===== Input data

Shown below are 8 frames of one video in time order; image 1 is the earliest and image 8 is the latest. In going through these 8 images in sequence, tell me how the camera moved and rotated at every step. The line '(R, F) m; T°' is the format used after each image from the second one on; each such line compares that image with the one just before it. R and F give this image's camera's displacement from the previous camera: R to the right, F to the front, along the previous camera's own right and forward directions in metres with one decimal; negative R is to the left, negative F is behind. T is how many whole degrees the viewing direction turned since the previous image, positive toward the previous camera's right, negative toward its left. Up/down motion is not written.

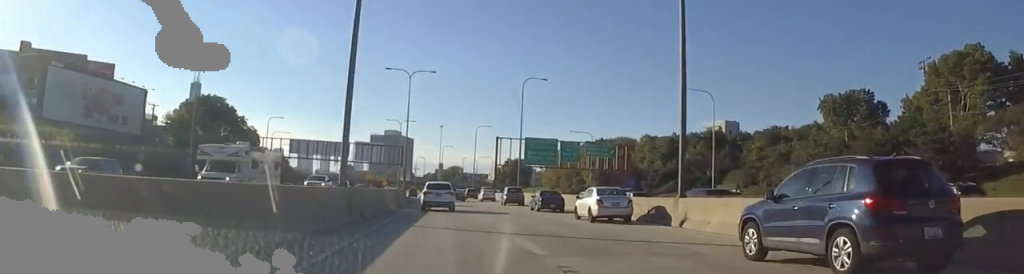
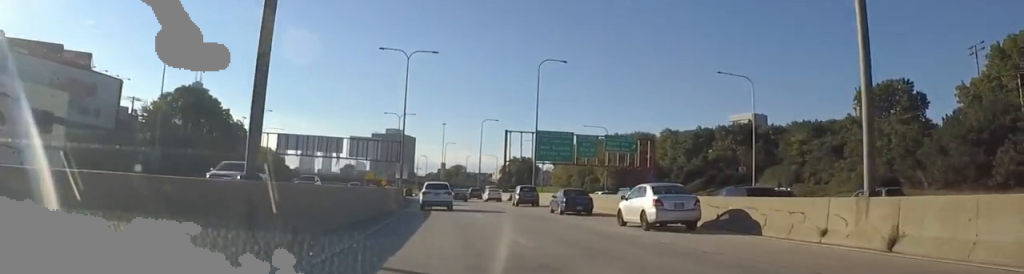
(-0.1, +10.8) m; -1°
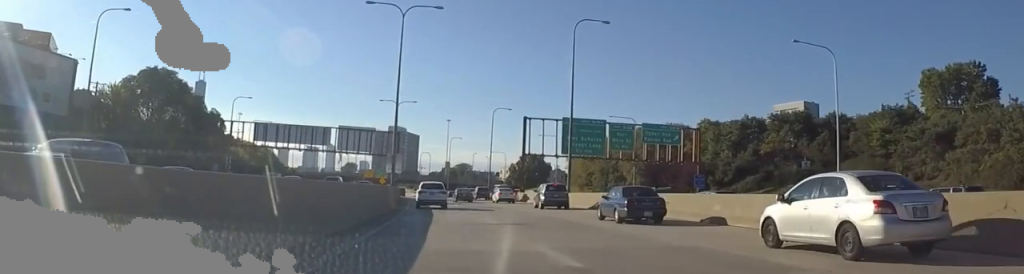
(-0.3, +16.4) m; -1°
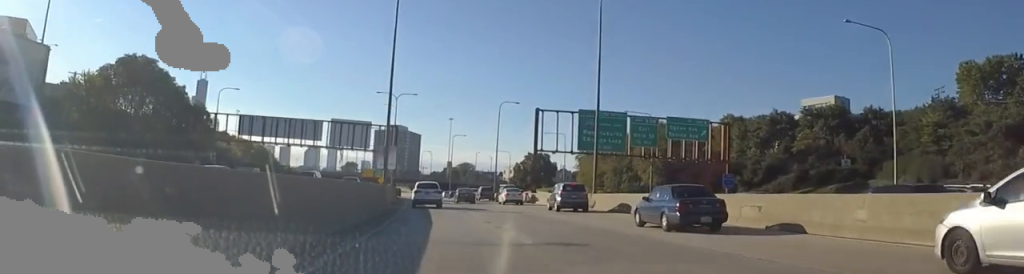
(0.0, +8.1) m; 0°
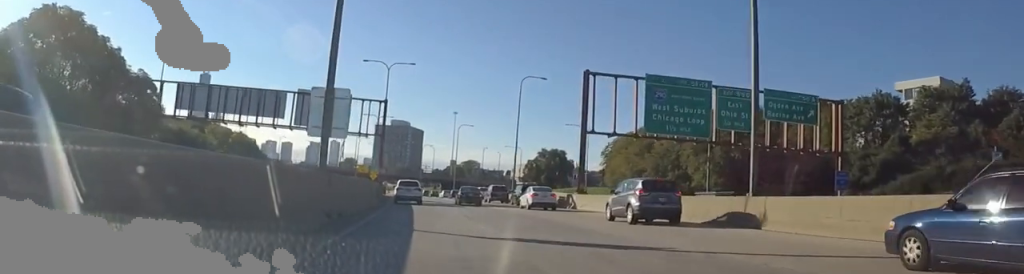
(0.0, +21.6) m; 0°
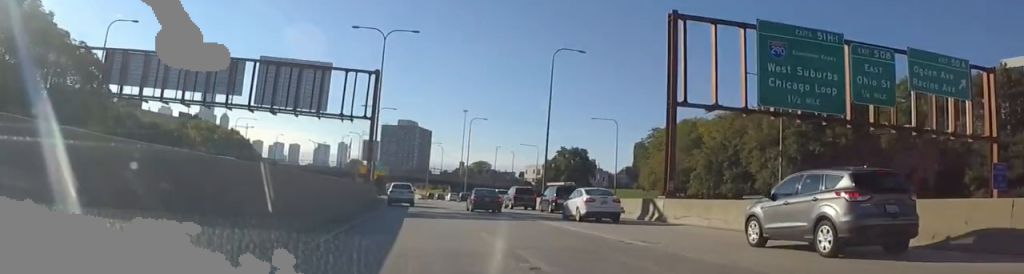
(0.0, +16.6) m; -1°
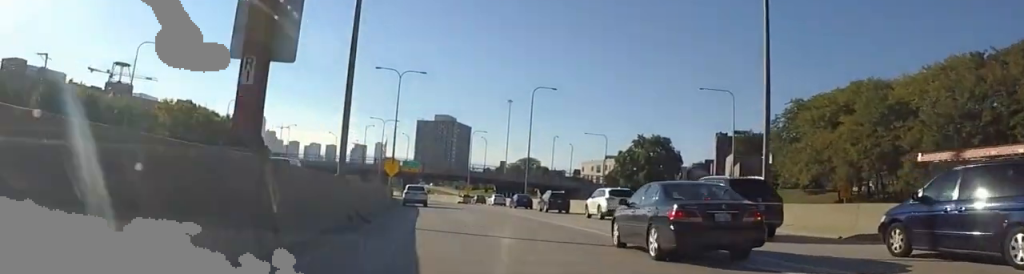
(-2.1, +35.6) m; -4°
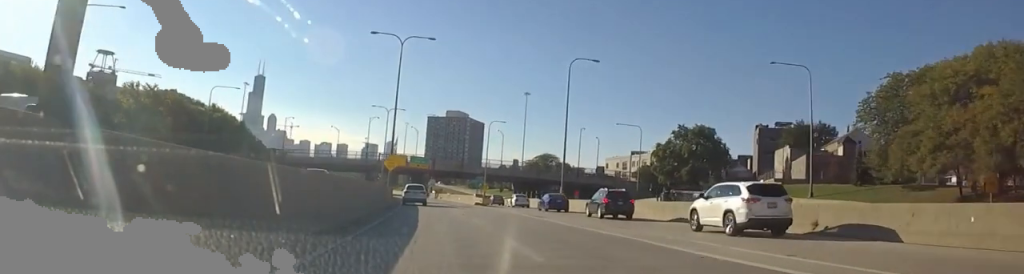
(+0.4, +16.4) m; +2°
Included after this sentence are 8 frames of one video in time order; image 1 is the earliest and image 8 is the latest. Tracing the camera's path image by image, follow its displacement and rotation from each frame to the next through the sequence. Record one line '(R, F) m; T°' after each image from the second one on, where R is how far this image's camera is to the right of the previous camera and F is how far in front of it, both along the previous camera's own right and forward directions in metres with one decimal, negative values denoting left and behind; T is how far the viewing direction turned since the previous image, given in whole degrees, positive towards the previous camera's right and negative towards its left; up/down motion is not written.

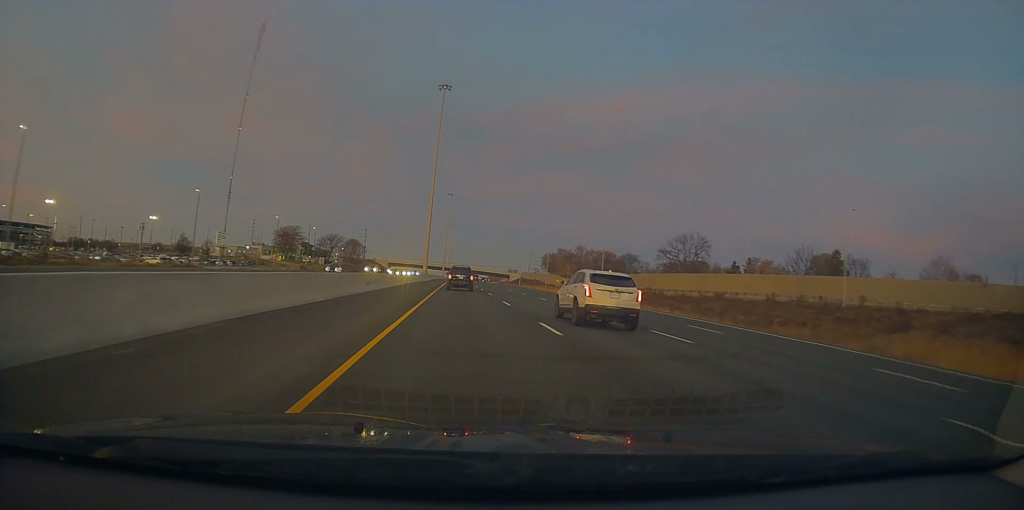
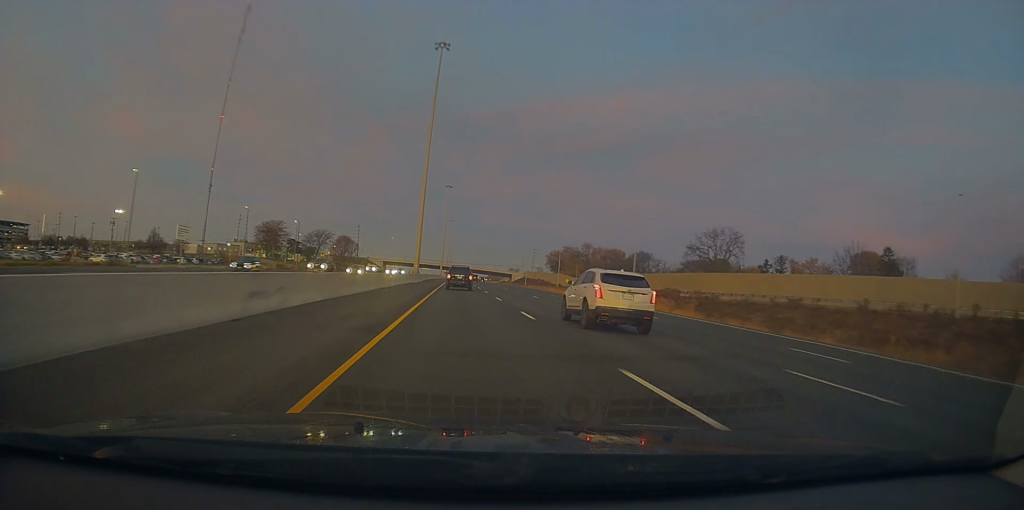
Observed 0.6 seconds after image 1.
(+0.2, +20.2) m; 0°
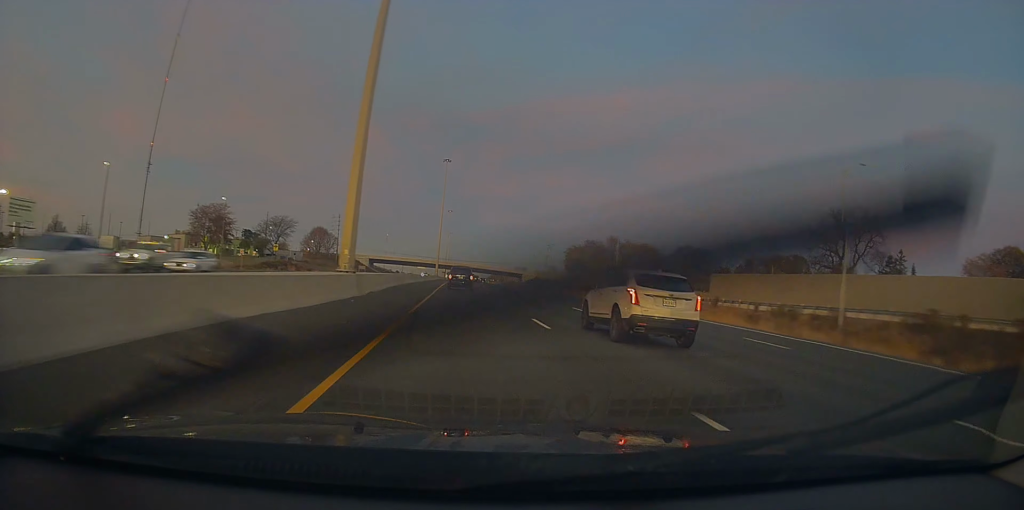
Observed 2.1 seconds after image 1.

==========

What the exercise asks
Lines before the one containing "Observed 0.6 seconds after image 1." are not wanted; write out that line and every later line through the end of the data above, exactly, without pictures.

Response below
Observed 0.6 seconds after image 1.
(+0.2, +20.2) m; 0°
Observed 2.1 seconds after image 1.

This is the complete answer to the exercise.